(WHAT YOU NEED TO DO):
Return an exact copy of the entries, skipping any picture you find.

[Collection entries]
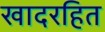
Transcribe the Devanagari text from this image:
खादरहित
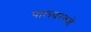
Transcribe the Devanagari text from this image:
पालघरकडे
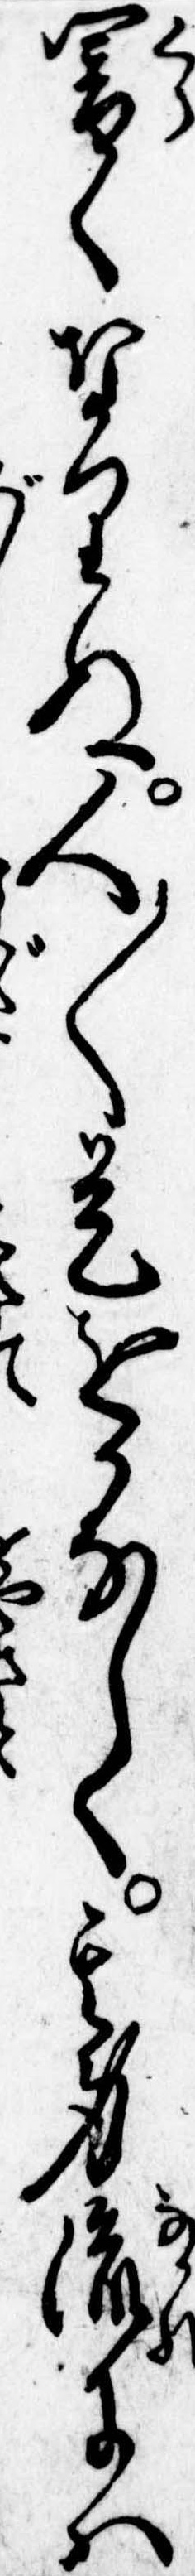
闇くなりぬ人〱是をかなしく其身流には
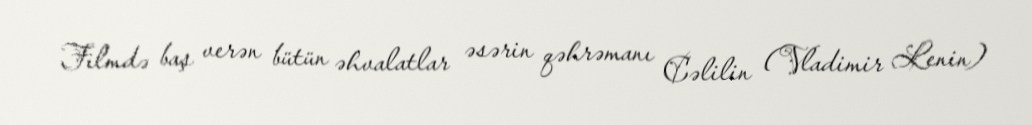
Filmdə baş verən bütün əhvalatlar əsərin qəhrəmanı Cəlilin (Vladimir Lenin)
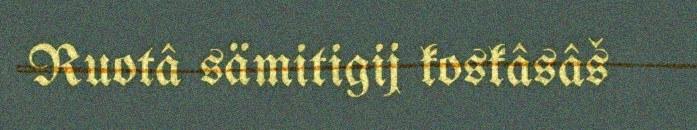
Ruotâ sämitigij koskâsâš
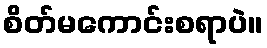
စိတ်မကောင်းစရာပဲ။
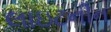
લાઇટનીન
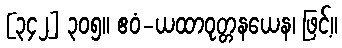
[၃၄၂] ၃၀၅။ ဧဝံ-ယထာဝုတ္တနယေန၊ ဖြင့်။
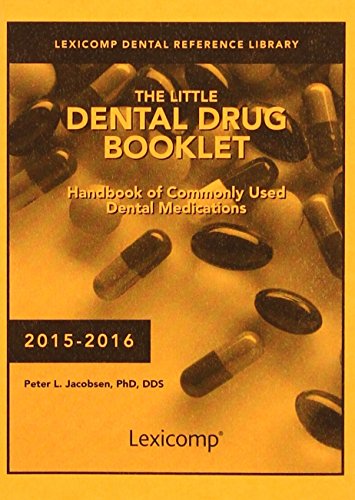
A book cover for Little Dental Drug Booklet 2015-16; Peter L. Jacobsen; Medical Books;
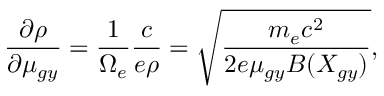
\frac { \partial \boldsymbol { \rho } } { \partial \mu _ { g y } } = \frac { 1 } { \Omega _ { e } } \frac { c } { e \rho } = \sqrt { \frac { m _ { e } c ^ { 2 } } { 2 e \mu _ { g y } B ( X _ { g y } ) } } ,
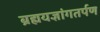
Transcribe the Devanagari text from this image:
ब्रह्मयज्ञांगतर्पण
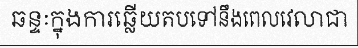
ឆន្ទៈក្នុងការឆ្លើយតបទៅនឹងពេលវេលាជា
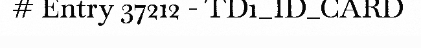
# Entry 37212 - TD1_ID_CARD
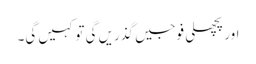
اور پچھلی فوجیں گذریں گی تو کہیں گی۔
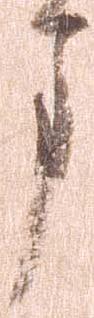
ま
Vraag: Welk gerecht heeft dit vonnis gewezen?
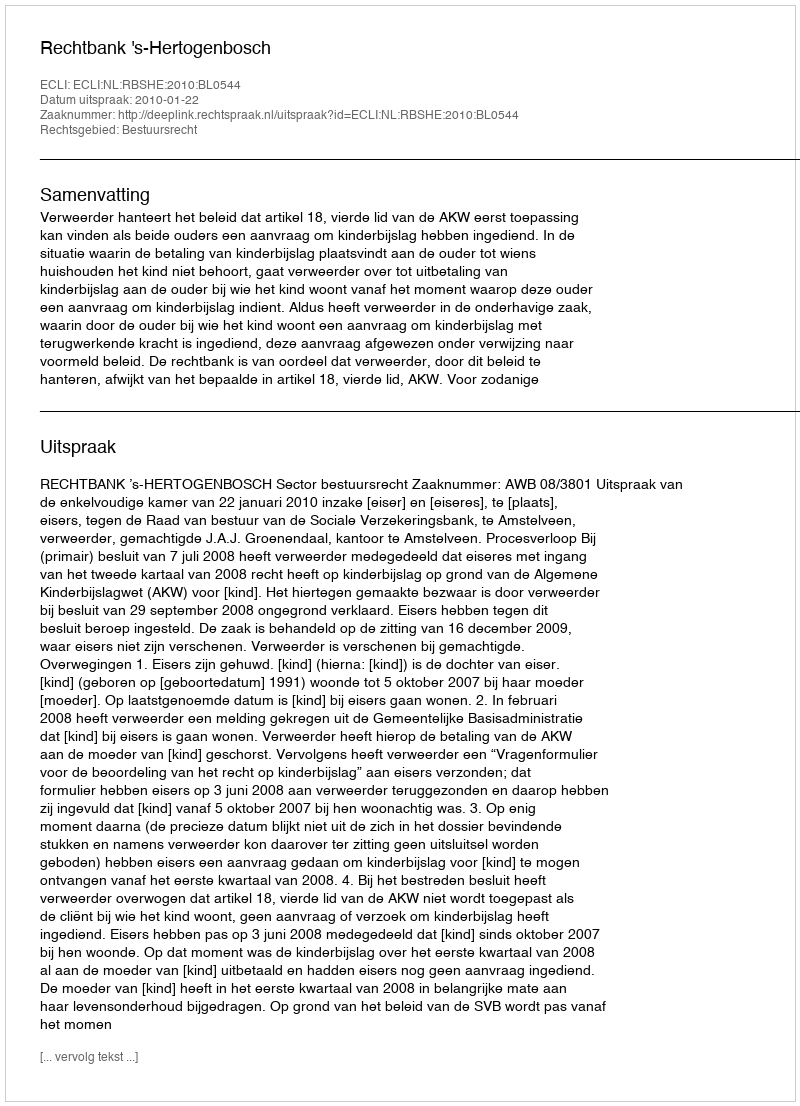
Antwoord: Rechtbank 's-Hertogenbosch
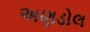
અણડોલ
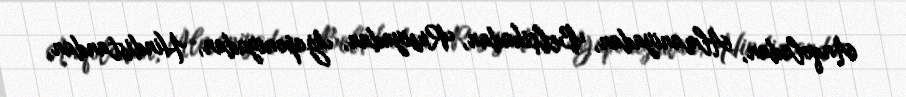
Anqoladan, Almaniyadan, Belçikadan, Rusiyadan, Yaponiyadan, Hindistandan,
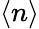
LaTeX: \left<n\right>
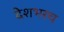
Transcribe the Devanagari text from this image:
देशभरच
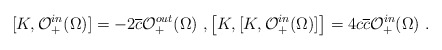
\begin{align*}[K,\mathcal{O}^{in}_+(\Omega)]=-2\overline{c}\mathcal{O}_+^{out}(\Omega) \ , \left[K,[K,\mathcal{O}_+^{in}(\Omega)]\right]=4c\overline{c}\mathcal{O}_+^{in}(\Omega) \ .\end{align*}
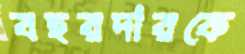
বহরদারকে
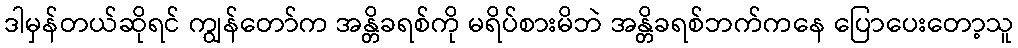
ဒါမှန်တယ်ဆိုရင် ကျွန်တော်က အန္တိခရစ်ကို မရိပ်စားမိဘဲ အန္တိခရစ်ဘက်ကနေ ပြောပေးတော့သူ
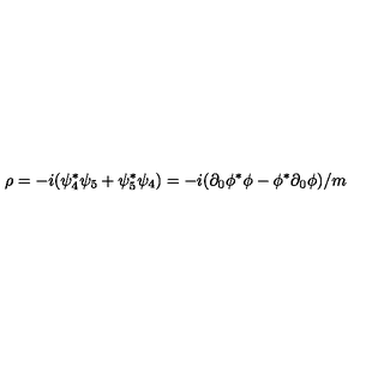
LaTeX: \rho = - i ( \psi _ { 4 } ^ { * } \psi _ { 5 } + \psi _ { 5 } ^ { * } \psi _ { 4 } ) = - i ( \partial _ { 0 } \phi ^ { * } \phi - \phi ^ { * } \partial _ { 0 } \phi ) / m
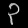
Digit: ၃
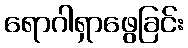
ရောဂါရှာဖွေခြင်း

(ANSWER TO THE EXERCISE):
Transcribe the Devanagari text from this image:
खादरहित
Transcribe the Devanagari text from this image:
पालघरकडे
闇くなりぬ人〱是をかなしく其身流には
Filmdə baş verən bütün əhvalatlar əsərin qəhrəmanı Cəlilin (Vladimir Lenin)
Ruotâ sämitigij koskâsâš
စိတ်မကောင်းစရာပဲ။
લાઇટનીન
[၃၄၂] ၃၀၅။ ဧဝံ-ယထာဝုတ္တနယေန၊ ဖြင့်။
A book cover for Little Dental Drug Booklet 2015-16; Peter L. Jacobsen; Medical Books;
\frac { \partial \boldsymbol { \rho } } { \partial \mu _ { g y } } = \frac { 1 } { \Omega _ { e } } \frac { c } { e \rho } = \sqrt { \frac { m _ { e } c ^ { 2 } } { 2 e \mu _ { g y } B ( X _ { g y } ) } } ,
Transcribe the Devanagari text from this image:
ब्रह्मयज्ञांगतर्पण
ឆន្ទៈក្នុងការឆ្លើយតបទៅនឹងពេលវេលាជា
# Entry 37212 - TD1_ID_CARD
اور پچھلی فوجیں گذریں گی تو کہیں گی۔
ま
Vraag: Welk gerecht heeft dit vonnis gewezen?
Antwoord: Rechtbank 's-Hertogenbosch
અણડોલ
Anqoladan, Almaniyadan, Belçikadan, Rusiyadan, Yaponiyadan, Hindistandan,
LaTeX: \left<n\right>
Transcribe the Devanagari text from this image:
देशभरच
\begin{align*}[K,\mathcal{O}^{in}_+(\Omega)]=-2\overline{c}\mathcal{O}_+^{out}(\Omega) \ , \left[K,[K,\mathcal{O}_+^{in}(\Omega)]\right]=4c\overline{c}\mathcal{O}_+^{in}(\Omega) \ .\end{align*}
বহরদারকে
ဒါမှန်တယ်ဆိုရင် ကျွန်တော်က အန္တိခရစ်ကို မရိပ်စားမိဘဲ အန္တိခရစ်ဘက်ကနေ ပြောပေးတော့သူ
LaTeX: \rho = - i ( \psi _ { 4 } ^ { * } \psi _ { 5 } + \psi _ { 5 } ^ { * } \psi _ { 4 } ) = - i ( \partial _ { 0 } \phi ^ { * } \phi - \phi ^ { * } \partial _ { 0 } \phi ) / m
Digit: ၃
ရောဂါရှာဖွေခြင်း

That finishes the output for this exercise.